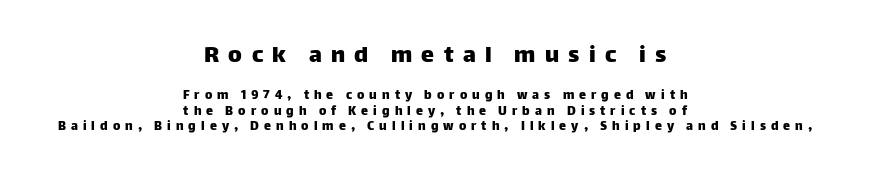
The image shows 26 px text type, upright; set centered, tight line spacing (1.1x), unusually wide letter spacing (+0.36 em), not underlined; the first (top) block is 1.86x larger.
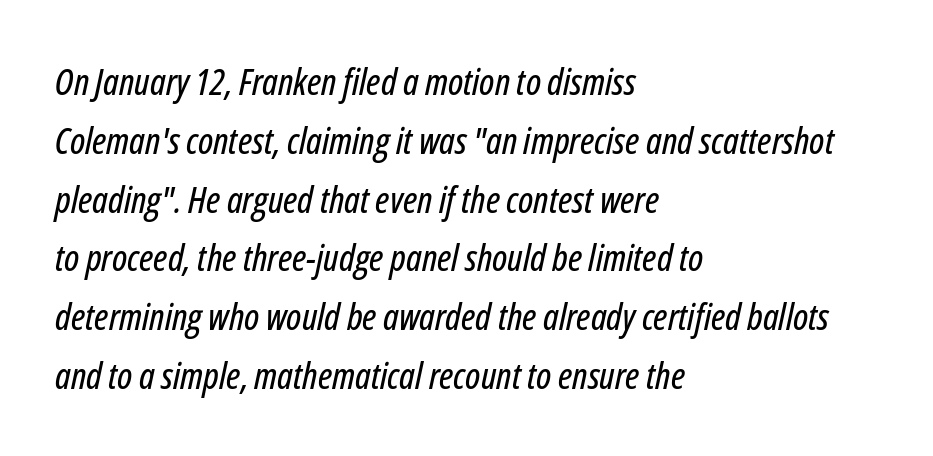
Q: Is the text italic (slanted)? A: Yes, it leans right by about 12 degrees.
Q: Is the text underlined? A: No.
Q: How is the paragraph aligned? A: Left-aligned.
Q: Is the spacing between letters normal or unusually wide? A: Normal.
Q: Is the spacing between lines tight, normal or loose? A: Normal.
Q: Width (condensed, normal, or wide)? A: Condensed.
Q: Stroke contrast? A: Low.
Q: x-height? A: Medium.
Q: Monospaced? A: No.
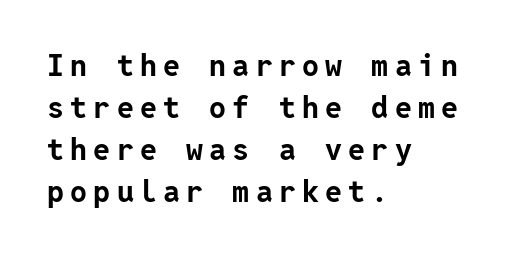
The image shows 30 px bold sans-serif type, upright; set left-aligned, normal line spacing (1.4x), unusually wide letter spacing (+0.21 em), not underlined; low stroke contrast and a medium x-height.
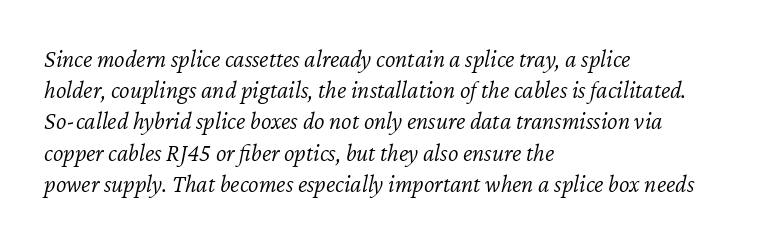
Q: Is the text bold? A: No.
Q: Is the text italic (slanted)? A: Yes, it leans right by about 12 degrees.
Q: Is the text underlined? A: No.
Q: How is the paragraph aligned? A: Left-aligned.
Q: Is the spacing between letters normal or unusually wide? A: Normal.
Q: Is the spacing between lines tight, normal or loose? A: Normal.
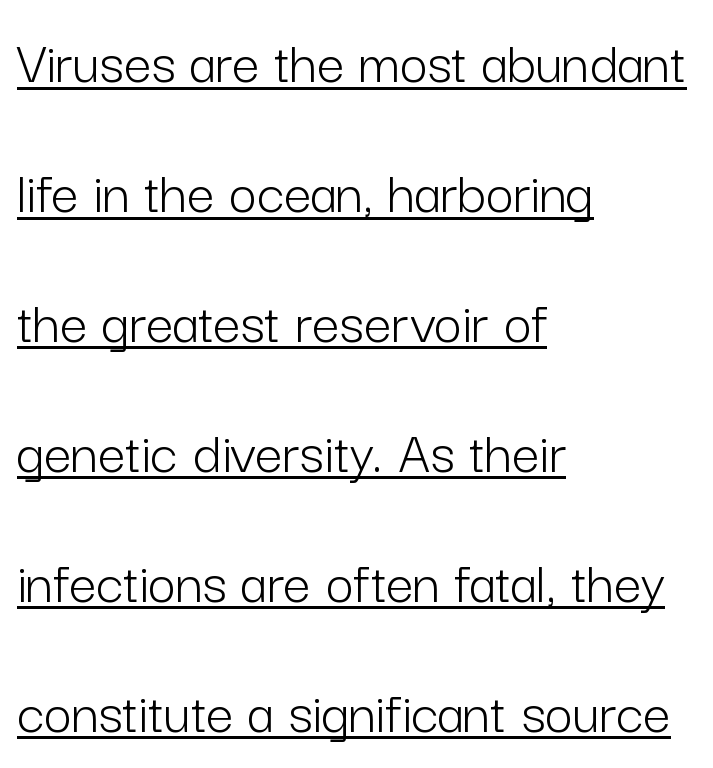
The image shows 61 px light sans-serif type, upright; set left-aligned, loose line spacing (2.13x), normal letter spacing, underlined; low stroke contrast and a medium x-height.
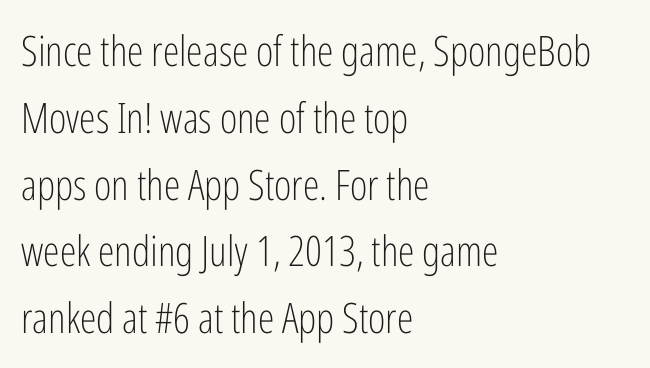
The image shows 42 px light, condensed sans-serif type, upright; set left-aligned, normal line spacing (1.59x), normal letter spacing, not underlined; low stroke contrast and a medium x-height.
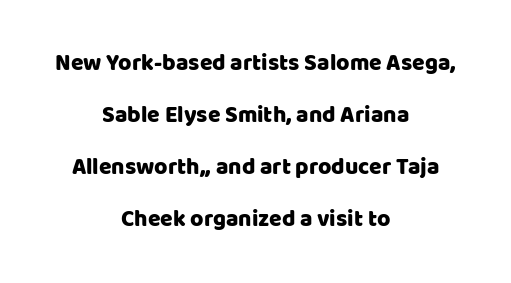
The image shows 23 px text type, upright; set centered, loose line spacing (2.26x), normal letter spacing, not underlined.
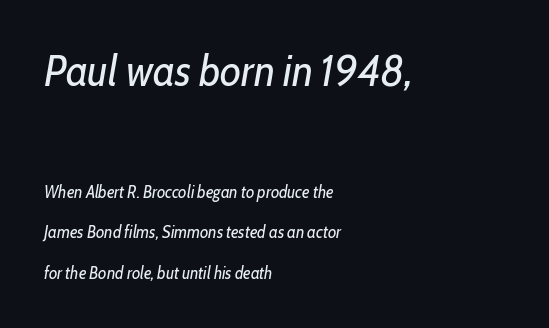
Q: Is the text bold? A: No.
Q: Is the text italic (slanted)? A: Yes, it leans right by about 10 degrees.
Q: Is the text underlined? A: No.
Q: How is the paragraph aligned? A: Left-aligned.
Q: Is the spacing between letters normal or unusually wide? A: Normal.
Q: Is the spacing between lines tight, normal or loose? A: Loose.
Q: Which block of text is set in a larger size, the first (top) or the second (bottom)? A: The first (top) one.
Q: Width (condensed, normal, or wide)? A: Condensed.
Q: Stroke contrast? A: Low.
Q: x-height? A: Medium.
Q: Monospaced? A: No.
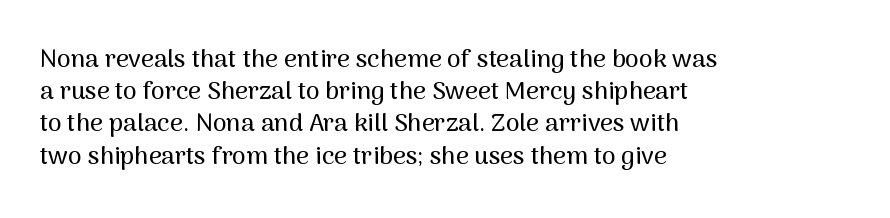
{"italic": "no", "underline": "no", "align": "left", "line_spacing": "normal", "line_spacing_ratio": 1.29, "letter_spacing": "normal", "letter_spacing_em": 0.0, "glyph_px": 25}
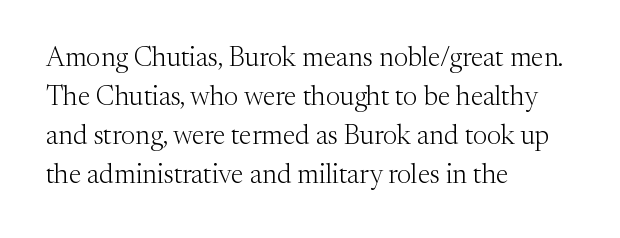
Q: Is the text bold? A: No.
Q: Is the text italic (slanted)? A: No, it is upright.
Q: Is the text underlined? A: No.
Q: How is the paragraph aligned? A: Left-aligned.
Q: Is the spacing between letters normal or unusually wide? A: Normal.
Q: Is the spacing between lines tight, normal or loose? A: Normal.
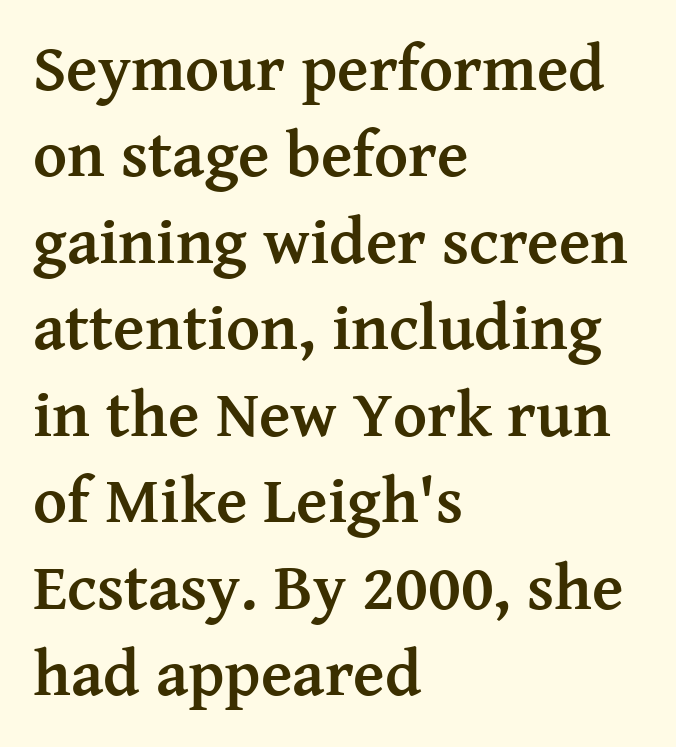
The image shows 65 px semibold serif type, upright; set left-aligned, normal line spacing (1.33x), normal letter spacing, not underlined; medium stroke contrast and a medium x-height.
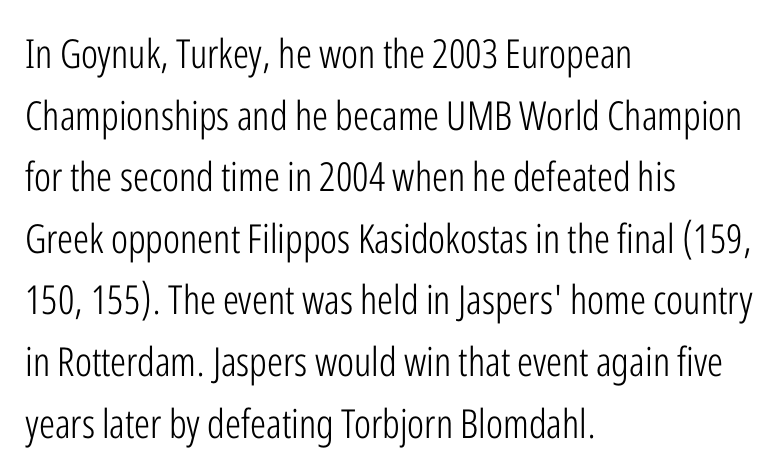
Q: Is the text bold? A: No.
Q: Is the text italic (slanted)? A: No, it is upright.
Q: Is the typeface a serif or a sans-serif typeface? A: Sans-serif.
Q: Is the text underlined? A: No.
Q: How is the paragraph aligned? A: Left-aligned.
Q: Is the spacing between letters normal or unusually wide? A: Normal.
Q: Is the spacing between lines tight, normal or loose? A: Normal.
Q: Width (condensed, normal, or wide)? A: Condensed.
Q: Stroke contrast? A: Low.
Q: x-height? A: Medium.
Q: Monospaced? A: No.
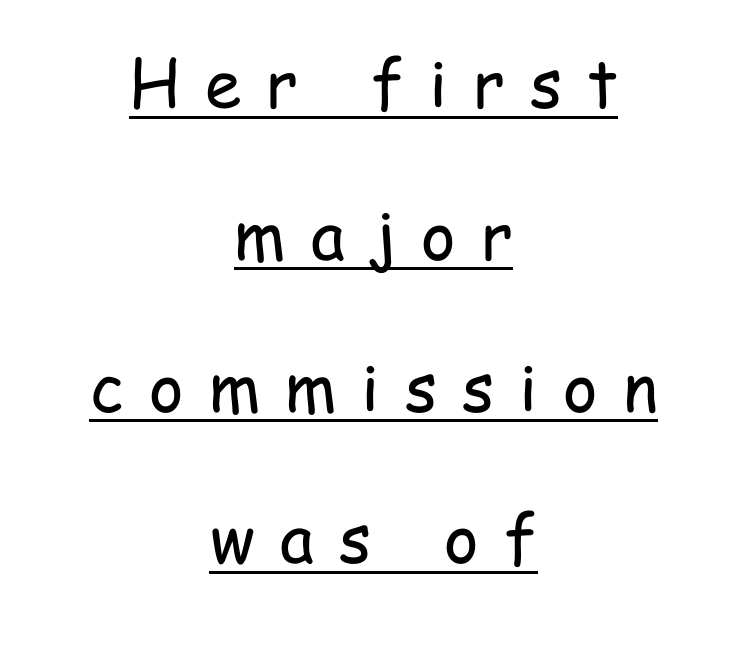
The image shows 66 px regular-weight, condensed sans-serif type, upright; set centered, loose line spacing (2.3x), unusually wide letter spacing (+0.38 em), underlined; low stroke contrast and a medium x-height.

-*-*-

In the records above, find each line with the string "light" and list it.

— Answer space —
The image shows 61 px light sans-serif type, upright; set left-aligned, loose line spacing (2.13x), normal letter spacing, underlined; low stroke contrast and a medium x-height.
The image shows 42 px light, condensed sans-serif type, upright; set left-aligned, normal line spacing (1.59x), normal letter spacing, not underlined; low stroke contrast and a medium x-height.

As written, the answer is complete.